Screw design and get data, says Ben Huh of I Can Has Cheezburger - stratos2
http://venturebeat.com/2012/08/23/screw-design-and-get-data-says-ben-huh-of-i-can-has-cheezburger/

======
mnicole
So this article really emphasizes how little Ben actually understands what
design is. "But good product isn’t pretty: Good product is product that works
for users and works for the company." I don't know how many times in my
comment history I've said it; but design is not "pretty". Design is
functionality merged with simplicity.

He cites Craigslist, which we've talked about all too often here. Their lack
of a better design was acceptable at a time when technology didn't allow for
it and when people didn't expect or know what good design was. The entire
Padmapper debacle was because they did Craigslist better than Craigslist. Then
eBay. We had a discussion about this recently too - the UX is terrible and the
search - which should be their #1 tool - is even worse.

Now with Amazon, they're one of those sites where the necessity to keep the
design dry for the sake of usability is integral to the business. Even still,
they've nailed their UX down so that you've only really got to use two or
three functions of the site to get where you need to go and then some.

Then he really loses me when he says that this is painfully clear because
people buy Ford Focuses instead of Ferrari's. I really don't even need to
touch this one and I'm not even sure why he shot himself in the foot like
that. The comments on VentureBeat do a good job of picking him apart there.

As an aside, I don't think I've been to that site in years, and I'm not
exactly sure who does - is it below the ranks of 9GAG and FunnyJunk?

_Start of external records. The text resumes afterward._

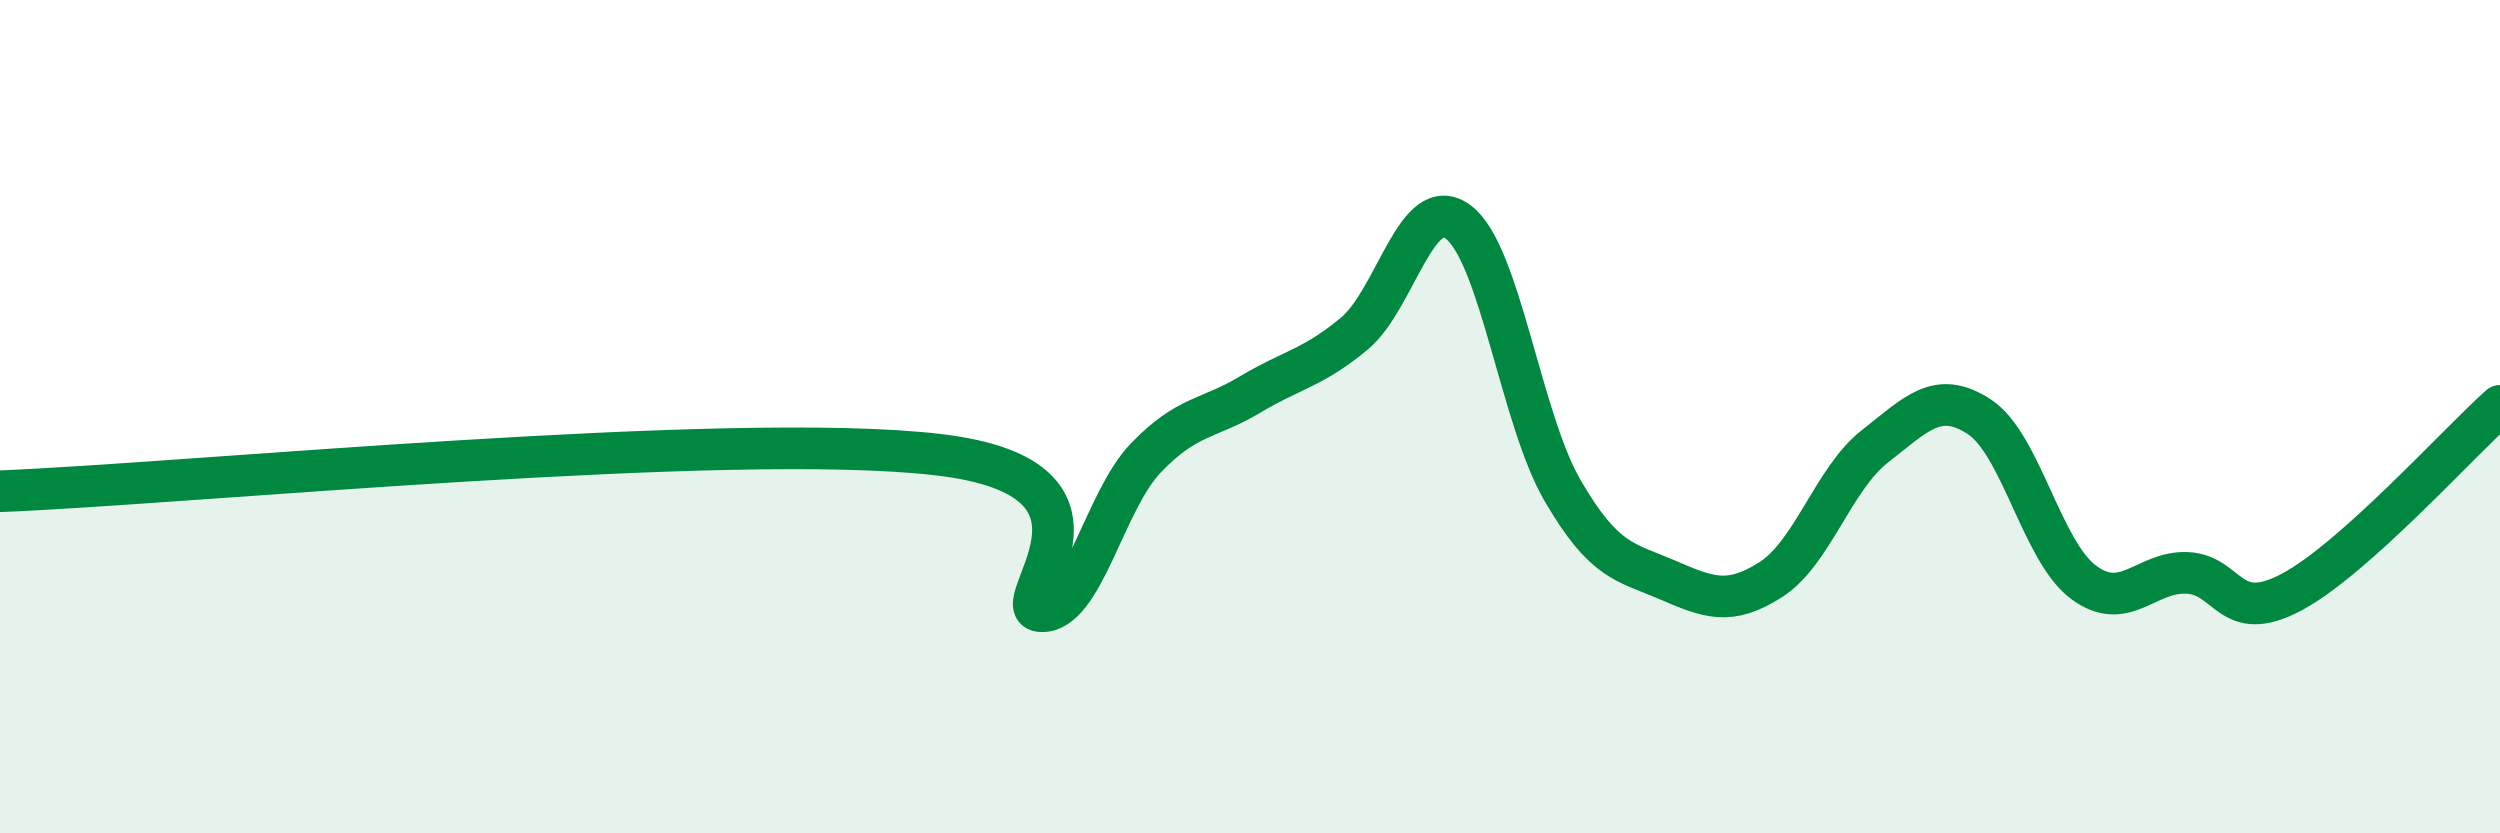 
    <svg width="60" height="20" viewBox="0 0 60 20" xmlns="http://www.w3.org/2000/svg">
      <path
        d="M 0,11.79 C 4.5,11.61 17.5,10.33 22.5,10.91 C 27.5,11.49 24,14.65 25,14.67 C 26,14.69 26.5,12.03 27.5,10.99 C 28.5,9.95 29,10.07 30,9.47 C 31,8.87 31.5,8.84 32.5,8.01 C 33.5,7.18 34,4.58 35,5.33 C 36,6.08 36.5,10.05 37.5,11.77 C 38.5,13.49 39,13.48 40,13.91 C 41,14.34 41.5,14.55 42.5,13.91 C 43.5,13.27 44,11.49 45,10.71 C 46,9.93 46.5,9.35 47.5,10 C 48.5,10.65 49,13.22 50,13.97 C 51,14.72 51.5,13.7 52.5,13.75 C 53.5,13.8 53.5,15.01 55,14.21 C 56.5,13.41 59,10.63 60,9.74L60 20L0 20Z"
        fill="#008740"
        opacity="0.1"
        stroke-linecap="round"
        stroke-linejoin="round"
      />
      <path
        d="M 0,11.79 C 4.5,11.61 17.5,10.33 22.5,10.91 C 27.5,11.49 24,14.65 25,14.67 C 26,14.69 26.5,12.03 27.5,10.99 C 28.5,9.95 29,10.07 30,9.47 C 31,8.87 31.5,8.84 32.5,8.01 C 33.5,7.18 34,4.58 35,5.33 C 36,6.08 36.5,10.05 37.5,11.77 C 38.5,13.49 39,13.48 40,13.91 C 41,14.34 41.5,14.55 42.5,13.91 C 43.5,13.27 44,11.49 45,10.71 C 46,9.93 46.5,9.35 47.5,10 C 48.5,10.65 49,13.22 50,13.97 C 51,14.72 51.5,13.7 52.5,13.75 C 53.5,13.8 53.5,15.01 55,14.21 C 56.5,13.41 59,10.63 60,9.74"
        stroke="#008740"
        stroke-width="1"
        fill="none"
        stroke-linecap="round"
        stroke-linejoin="round"
      />
    </svg>
  
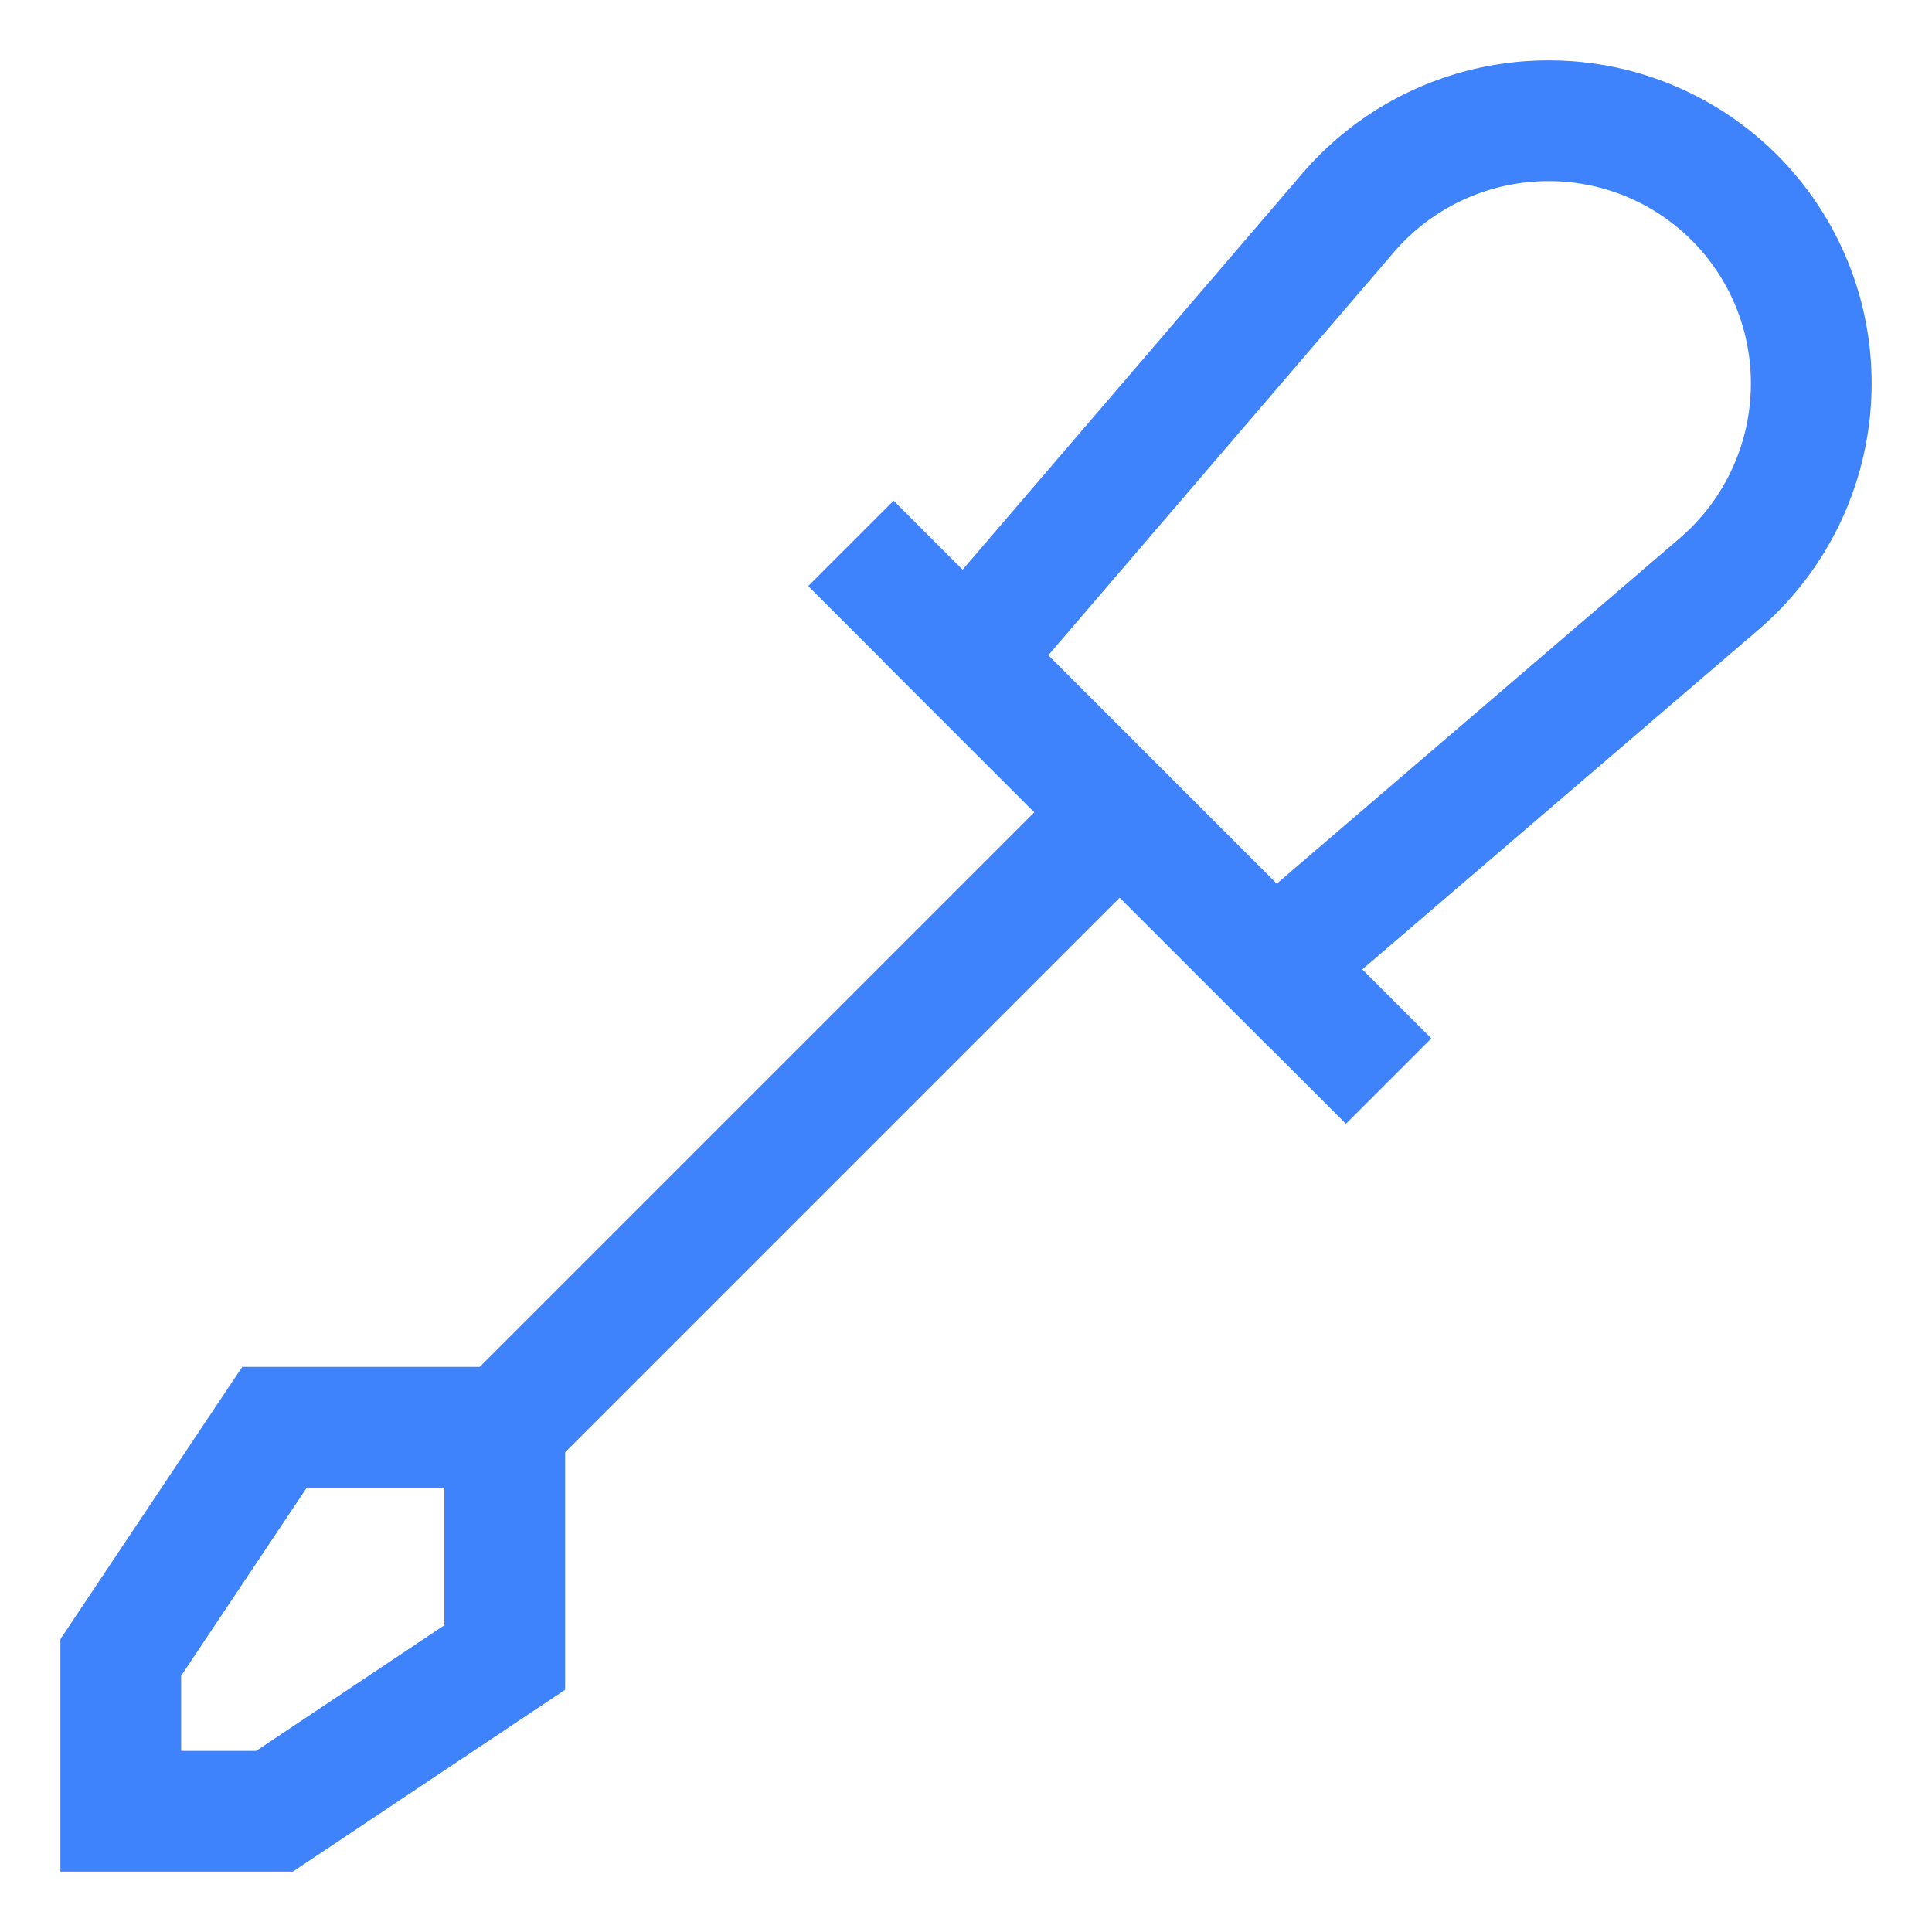 <svg id="Layer_1" data-name="Layer 1" xmlns="http://www.w3.org/2000/svg" viewBox="0 0 24 24" stroke-width="1.5" width="24" height="24" color="#3e82fc"><defs><style>.cls-63763c42c3a86d32eae6f159-1{fill:none;stroke:currentColor;stroke-miterlimit:10;}</style></defs><path class="cls-63763c42c3a86d32eae6f159-1" d="M15.82,12,12,8.18l4.75-5.54A3.28,3.28,0,0,1,19.23,1.5h0A3.26,3.26,0,0,1,22.5,4.77h0a3.28,3.28,0,0,1-1.14,2.48Z"></path><line class="cls-63763c42c3a86d32eae6f159-1" x1="10.57" y1="6.75" x2="17.25" y2="13.43"></line><polygon class="cls-63763c42c3a86d32eae6f159-1" points="3.41 22.5 1.5 22.5 1.5 20.59 3.41 17.73 6.27 17.73 6.27 20.59 3.41 22.5"></polygon><line class="cls-63763c42c3a86d32eae6f159-1" x1="13.91" y1="10.09" x2="6.27" y2="17.73"></line></svg>

Actually now that I think about it, I once had a recruitment agency tell me
that "that Cheez-.. what is it - 'I have a cheeseburger?' .. 'Can I have a
cheeseburger?' site is constantly hiring our designers" and "maybe we should
check with them." I laughed on my way out. When your talent agency can't even
remember your name, maybe design (as branding) is something you _should_ care
about.

------
dschwartz88
Good design/product by definition (for the web at least) is the melding of
fantastic graphic design with the needs of your business and users. These are
not mutually exclusive pieces, they all have an effect on your bottom line.
His statement seems very short sighted to me.